Reproducibility when using a model with batch norm
BenjaminBossan opened this issue · 0 comments
System Info
Latest version of PEFT
Who can help?
No response
Information
- The official example scripts
- My own modified scripts
Tasks
- An officially supported task in the
examples
folder - My own task or dataset (give details below)
Reproduction
model_id = "microsoft/resnet-18"
@pytest.fixture
def image_processor():
image_processor = AutoImageProcessor.from_pretrained(model_id)
return image_processor
@pytest.fixture
def data(image_processor):
dataset = load_dataset("huggingface/cats-image")
image = dataset["test"]["image"][0]
return image_processor(image, return_tensors="pt")
def test_model_with_batchnorm(tmp_path, data):
torch.manual_seed(0)
model = AutoModelForImageClassification.from_pretrained(model_id)
config = LoraConfig(target_modules=["convolution"], modules_to_save=["classifier"])
model = get_peft_model(model, config)
# record outputs before training
model.eval()
with torch.inference_mode():
output_before = model(**data)
model.train()
optimizer = torch.optim.AdamW(model.parameters(), lr=1e-3)
batch_size = 4
max_steps = 5 * batch_size
labels = torch.zeros(1, 1000)
labels[0, 283] = 1
for i in range(0, max_steps, batch_size):
optimizer.zero_grad()
outputs = model(**data, labels=labels)
loss = outputs.loss
loss.backward()
optimizer.step()
model.eval()
with torch.inference_mode():
output_after = model(**data)
assert torch.isfinite(output_after.logits).all()
atol, rtol = 1e-4, 1e-4
# sanity check: model was updated
assert not torch.allclose(output_before.logits, output_after.logits, atol=atol, rtol=rtol)
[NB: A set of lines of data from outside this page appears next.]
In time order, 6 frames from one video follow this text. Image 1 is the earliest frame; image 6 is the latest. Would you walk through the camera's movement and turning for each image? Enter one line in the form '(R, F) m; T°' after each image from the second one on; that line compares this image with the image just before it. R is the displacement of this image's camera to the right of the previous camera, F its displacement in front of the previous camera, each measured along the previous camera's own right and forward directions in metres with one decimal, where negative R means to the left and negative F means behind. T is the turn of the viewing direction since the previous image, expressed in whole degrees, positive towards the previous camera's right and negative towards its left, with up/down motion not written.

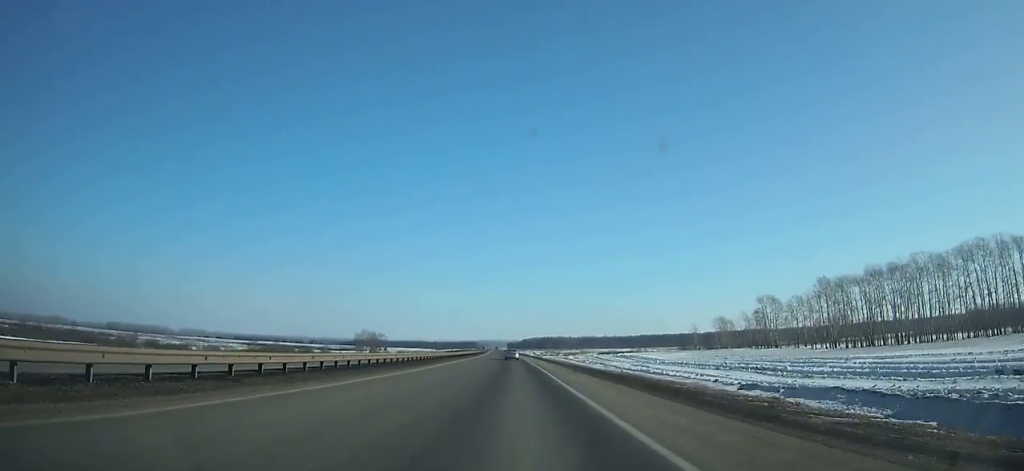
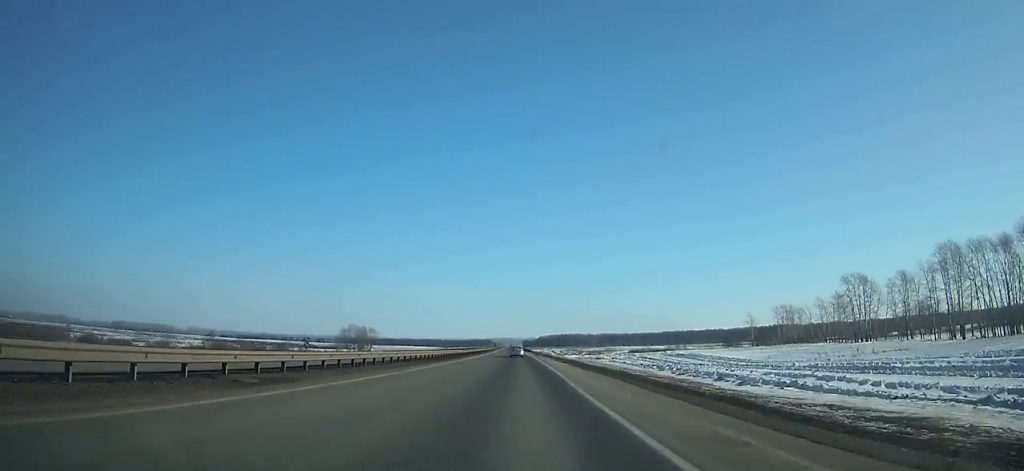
(-0.4, +53.7) m; -1°
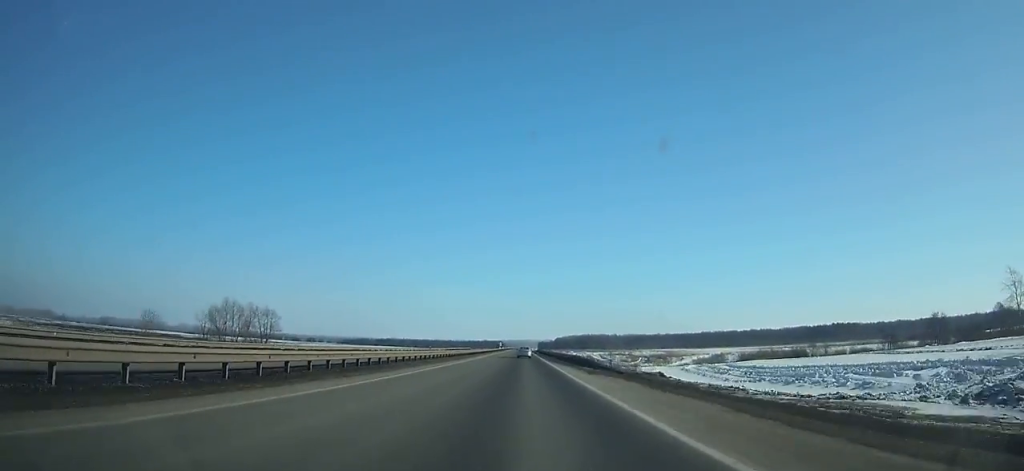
(-2.1, +132.7) m; -1°
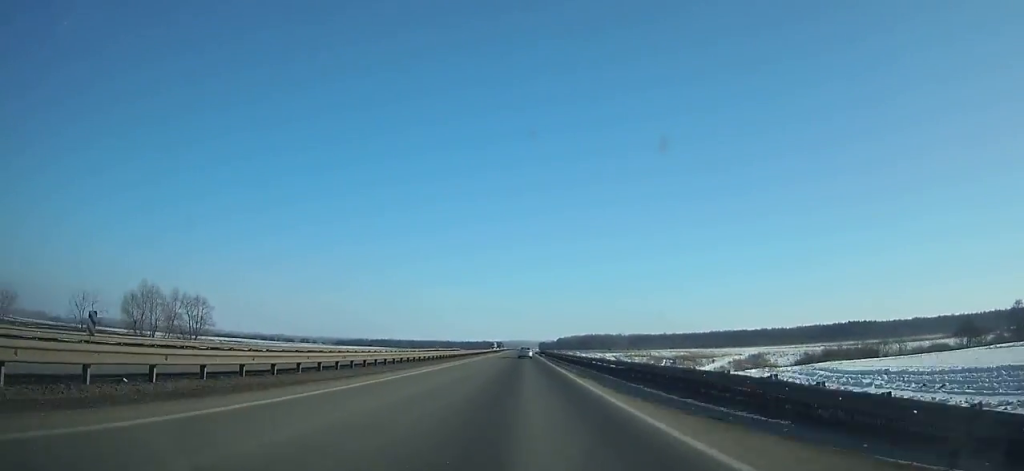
(0.0, +36.3) m; 0°
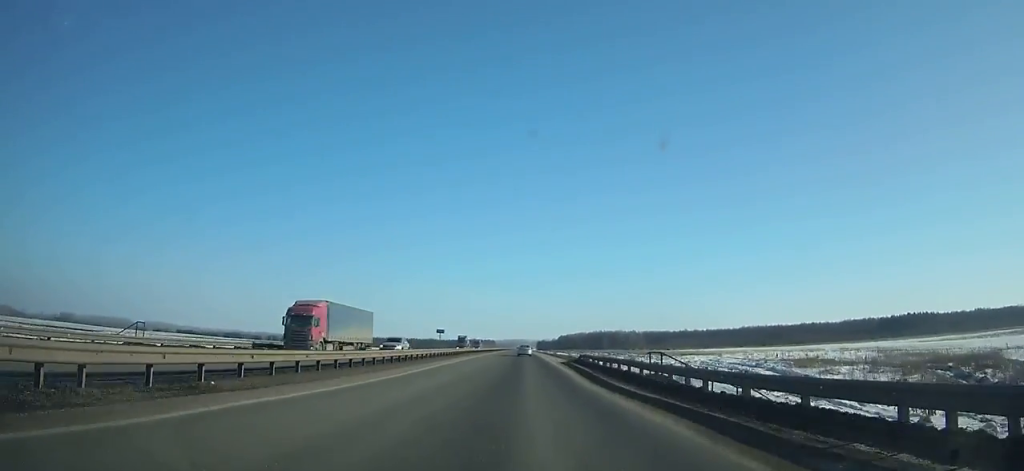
(+0.3, +125.3) m; 0°
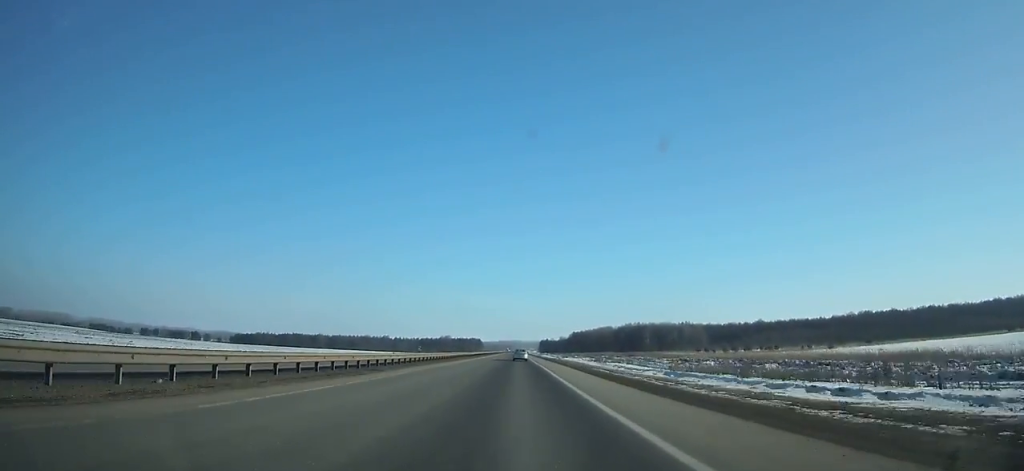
(-0.7, +229.8) m; 0°

# check saving the model and loading it
model.save_pretrained(tmp_path)
del model
torch.manual_seed(0)
model = AutoModelForImageClassification.from_pretrained(model_id)
model = PeftModel.from_pretrained(model, tmp_path).eval()
with torch.inference_mode():
output_loaded = model(**data)
# THIS FAILS
assert torch.allclose(output_after.logits, output_loaded.logits, atol=atol, rtol=rtol)
Expected behavior
After loading a model that was trained with PEFT on a base model with some kind of batch norm layer, the loaded model should produce the same output. Right now, this does not happen.
The reason is that during training, buffers for running mean etc. are updated, but they are not saved when calling save_pretrained
on the PeftModel
instance. Normally in PEFT, we assume that during training, the base model parameters are kept constant, which is not the case with batch norm. We only save the PEFT parameters and assume that when the user loads the base model, all parameters are restored exactly. That way, the information in the buffers is lost completely.
One possible solution would be to try to include the buffers in the PEFT adapter, which is not very pretty. For this to work, we would need to have a way to identify buffers that were updated vs those that are static. If someone knows a way to achieve this, or has a better idea how to fix this, please let us know.
Edit: Best suggestion so far by @kashif: Check for the track_running_stats
and if it's True
, save the module's buffer. This will not cover all possible corner cases, but hopefully most.